Donald Trump is likely to leave office as the only president in the history of opinion polling to never reach a 50 percent approval rating. Indeed, he struggled to get his numbers out of the low 40s. So how was he able to hang on? A key reason was undoubtedly the religious right’s almost otherworldly loyalty to him.
For the better part of four years, dating from the time Trump locked up the Republican nomination, the nation’s so-called moral guardians embarked on an all-out campaign to bully the nation into bowing down to him. It certainly worked with white evangelicals. After all, Trump garnered the support of 81 percent of white evangelicals, and maintained approval ratings in the 70s for the better part of his tenure.
The obvious question–how could Trump’s support be that high, despite all of his outrages? Well, one of Trump’s most loyal evangelical foot soldiers might have inadvertently given us an answer. He warned an evangelical critic against speaking ill of Trump, and explained that opposing Trump is tantamount to opposing the Almighty himself.
For much of the week, the tubes have been abuzz about how Christian author and speaker Beth Moore upbraided her fellow believers for their slavish loyalty to Trump.
Moore’s words were aimed directly at the pastors and televangelists who have done everything short of making Trump a god–and bullied their followers into bowing down to him.

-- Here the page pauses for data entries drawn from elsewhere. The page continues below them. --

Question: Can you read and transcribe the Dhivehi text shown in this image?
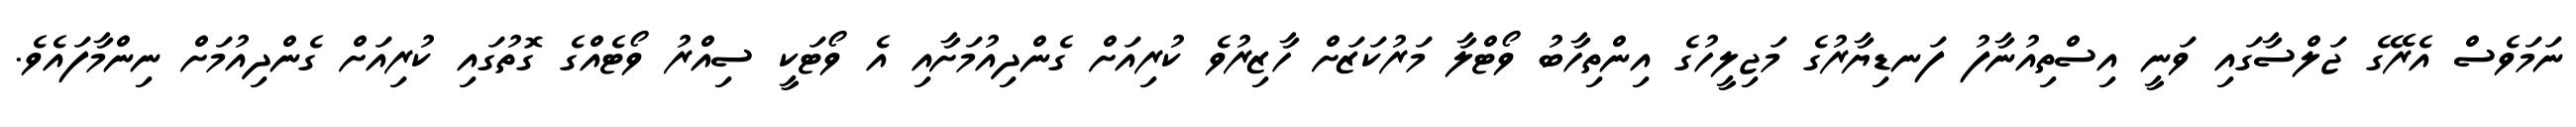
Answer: ނަމަވެސް އެރޭގެ ޖަލްސާގައި ވަނީ އިސްތިއުނާފު ފަނޑިޔާރުގެ މަޖިލީހުގެ އިންތިހާބު ވޯޓްލާ މަރުކަޒަށް ހާޒިރުވެ ކުރިއަށް ގެންދިއުމަށާއި އެ ވޯޓަކީ ސިއްރު ވޯޓެއްގެ ގޮތުގައި ކުރިއަށް ގެންދިއުމަށް ނިންމާފައެވެ.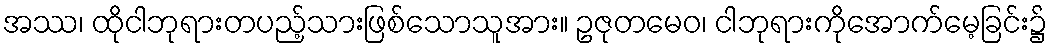
အဿ၊ ထိုငါဘုရားတပည့်သားဖြစ်သောသူအား။ ဥဇုတမေဝ၊ ငါဘုရားကိုအောက်မေ့ခြင်း၌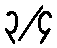
၃/၄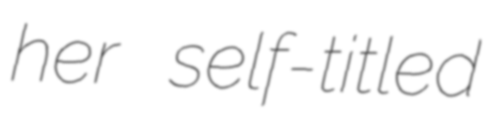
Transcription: her self-titled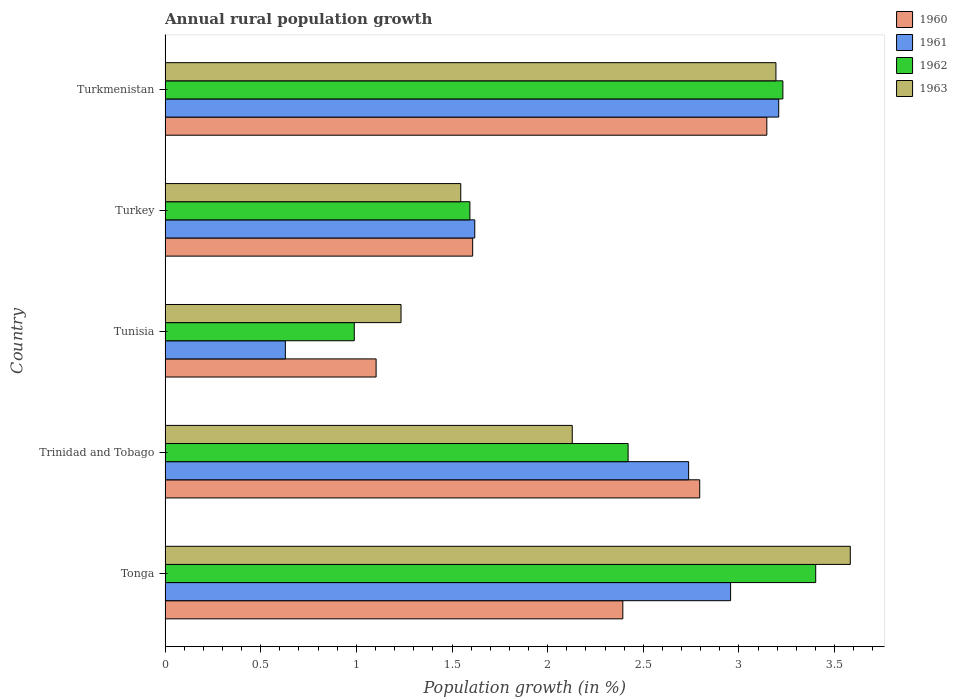
| Country | 1960 | 1961 | 1962 | 1963 |
 | --- | --- | --- | --- | --- |
 | Tonga | 2.39 | 2.96 | 3.4 | 3.58 |
 | Trinidad and Tobago | 2.8 | 2.74 | 2.42 | 2.13 |
 | Tunisia | 1.1 | 0.629 | 0.989 | 1.23 |
 | Turkey | 1.61 | 1.62 | 1.59 | 1.55 |
 | Turkmenistan | 3.15 | 3.21 | 3.23 | 3.19 |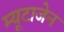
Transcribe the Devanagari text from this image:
म्यूटाजेन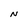
Character: N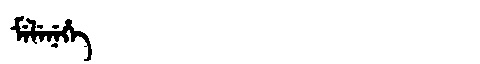
Manchu: ᠮᡝᠯᡝᠨᡝᡥᡝ
Romanization: MELENEHE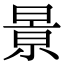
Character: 㬌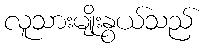
လူသားမျိုးနွယ်သည်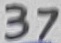
Text: 37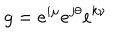
g = e ^ { i \mu } e ^ { j \theta } e ^ { k \nu }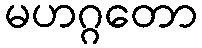
မဟဂ္ဂတော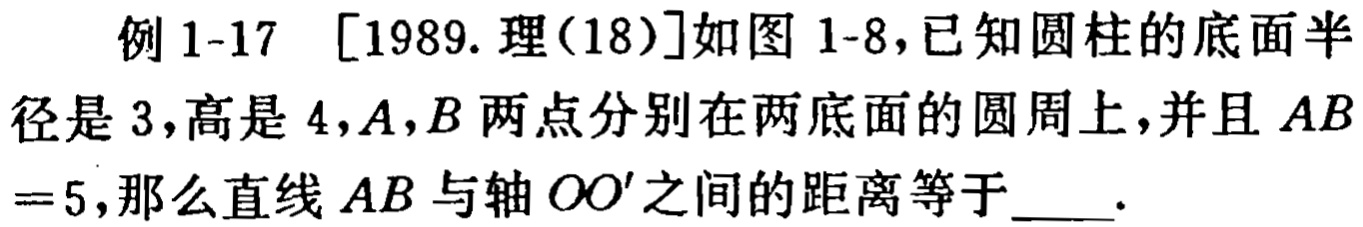
例 1-17 [1989. 理(18)]如图 1-8，已知圆柱的底面半径是 3，高是 4，A，B 两点分别在两底面的圆周上，并且 \(AB = 5\)，那么直线 \(AB\) 与轴 \(OO'\) 之间的距离等于  .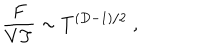
{ \frac { F } { V T } } \sim T ^ { ( D - 1 ) / 2 } \; ,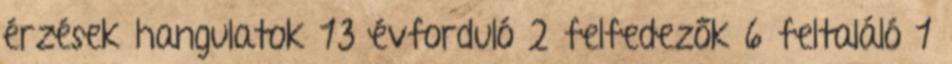
érzések hangulatok 13 évforduló 2 felfedezők 6 feltaláló 1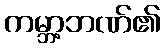
ကမ္ဘာ့ဘဏ်၏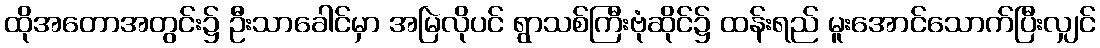
ထိုအတောအတွင်း၌ ဦးသာခေါင်မှာ အမြဲလိုပင် ရွာသစ်ကြီးဗုံဆိုင်၌ ထန်းရည် မူးအောင်သောက်ပြီးလျှင်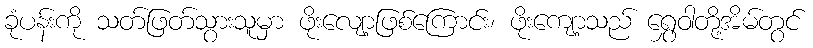
ခုံပန်းကို သတ်ဖြတ်သွားသူမှာ ဖိုးလျော့ဖြစ်ကြောင်း၊ ဖိုးကျော့သည် ရွှေဝါတို့အိမ်တွင်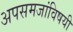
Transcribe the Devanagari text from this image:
अपसमजांविषयी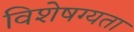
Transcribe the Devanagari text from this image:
विशेषग्यता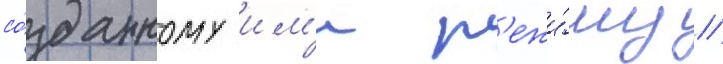
со́зданному им'и р'ежи́му //
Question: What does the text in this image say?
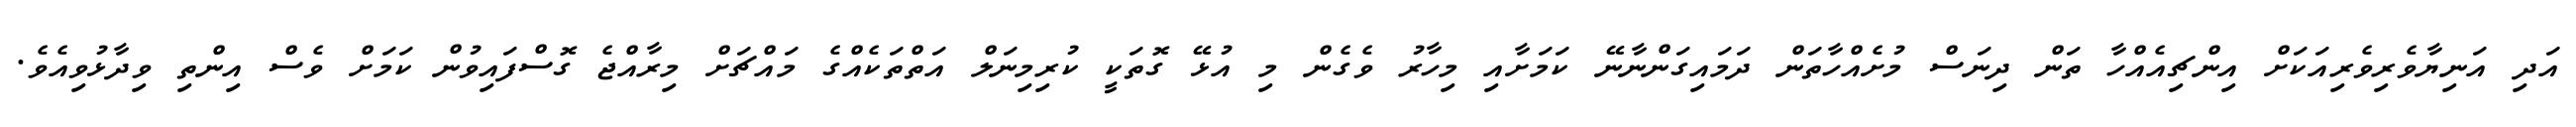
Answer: އަދި އަނިޔާވެރިވެރިއަކަށް އިންޗިއެއްހާ ތަން ދިނަސް މުށެއްހާތަން ދަމައިގަންނާނޭ ކަމަށާއި މިހާރު ވެގެން މި އުޅޭ ގޮތަކީ ކުރިމިނަލް އަތްތަކެއްގެ މައްޗަށް މިރާއްޖެ ގޮސްފައިވުން ކަމަށް ވެސް އިންތި ވިދާޅުވިއެވެ.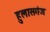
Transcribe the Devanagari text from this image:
हुलासगंज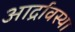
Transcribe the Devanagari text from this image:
आर्द्रावस्था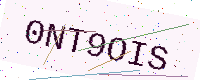
Text: 0NT9OIS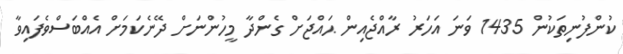
ކުންފުނިތަކުން 1435 ވަނަ އަހަރު ރާއްޖެއިން ޙައްޖަށް ގެންދާ މީހުންނަށް ދޭނެކަމަށް އެއްބަސްވެފައިވާ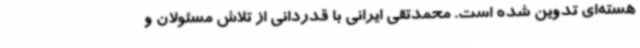
هسته‌ای تدوین شده است. محمدتقی ایرانی با قدردانی از تلاش مسئولان و

Although she made clear that we shouldn’t trade Trump worship for worship of Joe Biden, Moore’s tweetstorm caused one Trump-worshiping pastor to go into a conniption fit. Namely, Johnny Enlow, a prominent author and speaker in the New Apostolic Reformation, an overtly fascist offshoot of the religious right that believes it can bring about the Second Coming by taking over the world.

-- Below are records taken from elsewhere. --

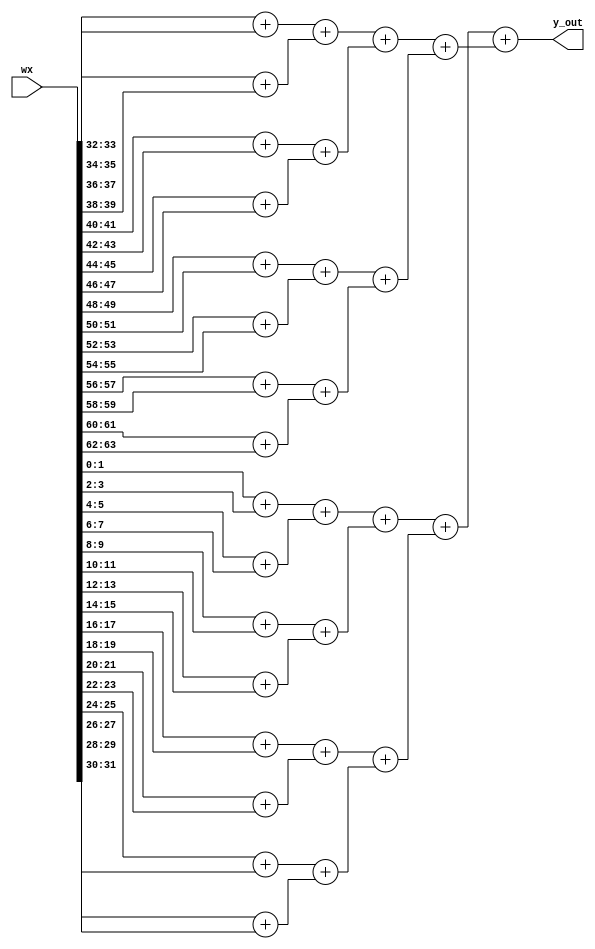
module adder_tree
#(
    parameter   n_stage = 5     // Minumum is 1 stage
)
(
    input         [WX_BITS-1:0]  wx,
    output signed [(n_stage+1):0]         y_out
);

    localparam WX_BITS = 2**(n_stage+1);

    genvar i, j;
    generate
    // Generate connections
    for (i = 0; i < n_stage; i = i+1) begin : connection
        wire signed [(i+2):0] sum [(2**(n_stage-1-i)-1):0]; // partial sum
    end

    // Stage 1
    // for (j = 0; j < 2**(n_stage-1); j = j+1) begin : first_stage
    for (j = 0; j < WX_BITS/4; j = j+1) begin : first_stage
        assign connection[0].sum[j] = $signed(wx[(4*j+1):(4*j+0)]) +
                                      $signed(wx[(4*j+3):(4*j+2)]);
    end

    // Remaining stages
    for (i = 1; i < n_stage; i = i+1) begin : stage_loop
        for (j = 0; j < 2**(n_stage-1-i); j = j+1) begin : stage
            assign connection[i].sum[j] = connection[i-1].sum[2*j+0] +
                                          connection[i-1].sum[2*j+1];
        end
    end

    assign y_out = connection[n_stage-1].sum[0];
    endgenerate

endmodule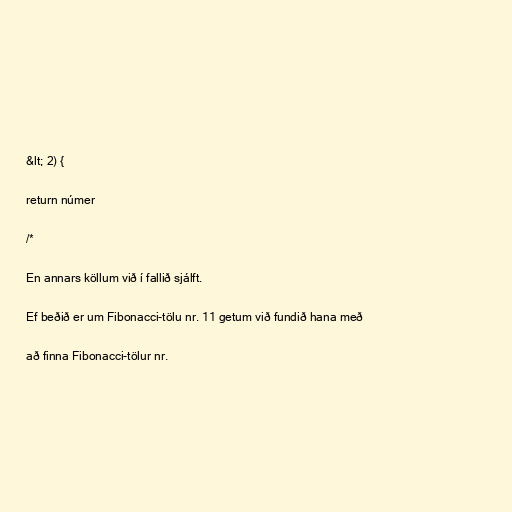
&lt; 2) {

return númer

/*

En annars köllum við í fallið sjálft.

Ef beðið er um Fibonacci-tölu nr. 11 getum við fundið hana með

að finna Fibonacci-tölur nr.

A number of Trump’s early religious right backers came from the NAR, as they saw him as a vehicle by which they could take over the “seven mountains,” or forces, that influence our culture–business, education, family, religion, entertainment, media, and government. In other words, we have a wannabe fascist propped up by actual fascists.
So it should come as no surprise that when Enlow learned about Moore’s tweetstorm, he hit the ceiling. In an open letter to Moore posted to his Facebook page, Enlow told Moore to consider the possibility that God was using Trump as “His key instrument for this time.” He then proceeded to warn Moore against questioning that possibility, and explained that in doing so, she was treading on dangerous ground.
Would it not be an egregious offense before Him for a leader in the Body of Christ such as yourself to not recognize that reality because of some personal wound, grudge, blindness or preference? And worse to then encourage other leaders towards similar mutiny equivalent?
To Enlow’s mind, Christians who oppose Trump are going down the same path that many others in the Bible did when they didn’t accept “who God sent as his key instrument” for their time. It led him to wonder, “Would not anyone championing “God” above honoring the leader this very God had chosen–actually be in rebellion to God?”
For Enlow, the answer to that question is a resounding yes. He warned Moore that she was “in resistance to God’s instrument of choice of the hour,” and that resistance was leading her to “champion foolishness against God.”
This sort of talk has been SOP in much of the evangelical world for four years, if not longer. If you go to a religious-right aligned church and you harbor even a few doubts about Trump, you’ve probably run smack dab into fatwas that opposing God’s “key instrument” is tantamount to opposing God himself. One of my friends, a left-leaning charismatic/Pentecostal like me, found this out the hard way. She was drummed out of the church where she’d spent her entire life because she supported Biden.
But there’s a good sign this bullying campaign didn’t work. According to exit polls, 72 percent of white evangelicals voted for Trump. As ludicrously high as that number is, that’s still a nine percent drop from his 2016 numbers. Given that Trump made little to no effort to broaden his base, even a small downtick in his base would have been lethal. As it turned out, the dropoff in white evangelical support for Trump is almost double Biden’s 4.8 point lead in the popular vote.
The numbers don’t lie, folks. Despite four years of ham-handed bullying, a significant portion of evangelicals looked at Trump and didn’t see a “key instrument” for God. They saw a man who ran this country like a crime boss. And contrary to what Enlow would have you believe, they weren’t rebelling against God. They were rebelling against a man who was a clear, present, and existential threat to the republic.